A green and pleasant land suits England fine
If England could have turned up at any ground in the country, in their situation of needing a win to stay in the one-day series, they would have picked Trent Bridge. It's a venue that always encourages swing bowling and when a pitch with a strong green tinge greeted them, they knew they'd been presented with everything they could have hoped for.
Winning the toss is a lottery, but maybe the coin falling Alastair Cook's way was a favour from the 'cricketing gods' he had invoked after defeat at Lord's. However, England couldn't afford to let the opportunity slip away and proceeded to produce a performance as dynamic as the previous two have been dismal. But while the bowling was incisive, nothing was more dynamic than the way the captain himself batted to finish on 95 off 75 balls and Cook said: "I can't remember hitting the ball sweeter... when you win by 10 wickets and play like that it doesn't get much better."
England's players have not always been impressed with the one-day surfaces they get given for home matches. At Headingley James Anderson realised they shouldn't have bowled first when an early delivery gripped off the pitch, and after Lord's Stuart Broad tweeted "Off to Trent Bridge...hopefully a quicker wicket."
What they got was early movement and good carry. It's the latter which made Cook happiest and Steve Birks, the head groundsman, could well have earned a post-match drink. "We got what we asked for from the groundsman, who should take a lot of credit, it was very brave to leave that much grass on," Cook said.
However, there were soon murmurs that conditions favoured England too much. Should that matter? Of course not. It's difficult to imagine anyone in India or Sri Lanka moaning if a pitch turns too much, in South Africa if Johannesburg is a bit quick or, many years ago, if Jamaica and Barbados would whistle past the batsman's ears. Perhaps the talk starts because 'English' conditions are so unique, but that's what makes cricket in this country a compelling, if at times damp, spectacle.
As Cook showed, if the bowling was poor runs could flow freely and England won the psychological battle as much as what happened in the middle. "I thought that pitch was as flat as I'd played on," Cook said. "It came on very nicely. It was just those first few overs it did a little. It was just the carry, that's what we want, we are very good in those conditions. The Sri Lankans might have looked at it and thought it did a lot more than it actually did."
Dilshan was philosophical about the conditions his team were handed as this series continued to show clearly where the strengths of the two teams lie. "They are very experienced in these conditions but when they come to the subcontinent they struggle in flat conditions," he said. "We have bowled really well in the last two games on flat wickets. They are used to these conditions and they adjusted better in the two matches they won. We can't use excuses for losing matches."

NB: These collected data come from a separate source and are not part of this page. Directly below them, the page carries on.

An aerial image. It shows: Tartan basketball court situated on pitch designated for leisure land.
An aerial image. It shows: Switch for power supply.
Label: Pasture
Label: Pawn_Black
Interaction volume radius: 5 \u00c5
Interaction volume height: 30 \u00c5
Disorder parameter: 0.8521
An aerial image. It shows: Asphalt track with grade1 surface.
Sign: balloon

In many ways having favourable conditions can be a burden as the pressure goes onto the bowlers to make the most of them, especially when the captain has put the opposition into bat. In Anderson, though, they have one of the best in the world at exploiting such advantages and by taking three wickets in his first five overs he knocked the stuffing out of Sri Lanka. Such is the expectation of Anderson when the ball hoops that three scalps felt like the minimum but, despite a middle-order rally led by Kumar Sangakkara, he wasn't needed to complete his 10 overs.
"The way we bowled up front put us on the front foot," Cook said. "That catch Bressy took [to remove Angelo Mathews] changed the game when they were getting a partnership going and Jade [Dernbach] in the Powerplay, an area we haven't done well, I thought did very well."

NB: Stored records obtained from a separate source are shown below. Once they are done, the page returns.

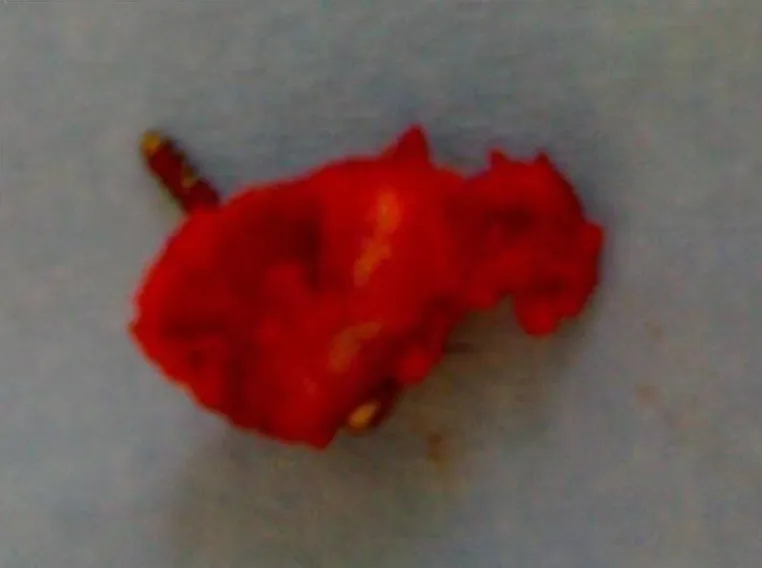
Removed bone fragment.
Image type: medical_photograph (other_medical_photograph)
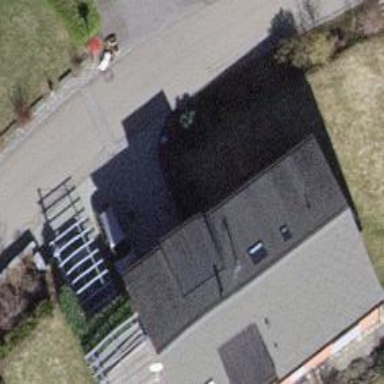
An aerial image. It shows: Detached building.
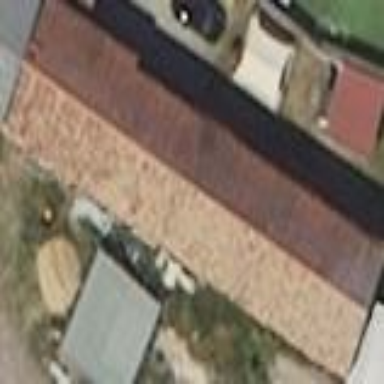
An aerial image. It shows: Shed building.
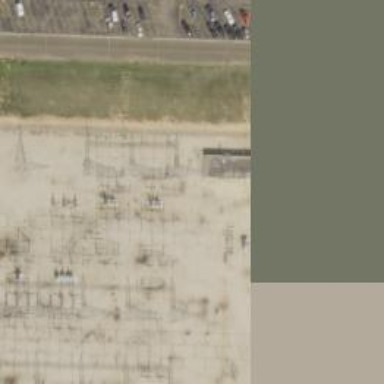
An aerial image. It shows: Switch for power supply.
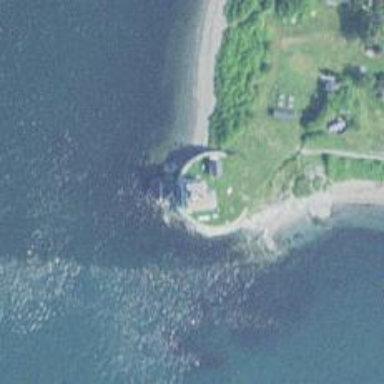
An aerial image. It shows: Lighthouse.
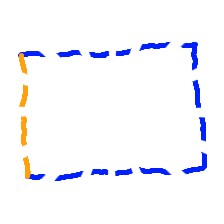
Shape: rectangle

England are level in the series and that will make for a compelling contest at Old Trafford. Yet, while the short-term goal of keeping the contest alive has been a resounding success, it's impossible to say it was an afternoon and evening that taught us anything new about this England one-day side in the field.
However, for a developing team it's vital that they can at least win matches - and series - in home conditions which in turn builds confidence for tougher challenges, of which many will follow this winter in India and the Middle East. It would be a significant feather in Cook's cap to take the series, while maintaining his Test-match form, and both captains will open their curtains on Saturday with keen interest.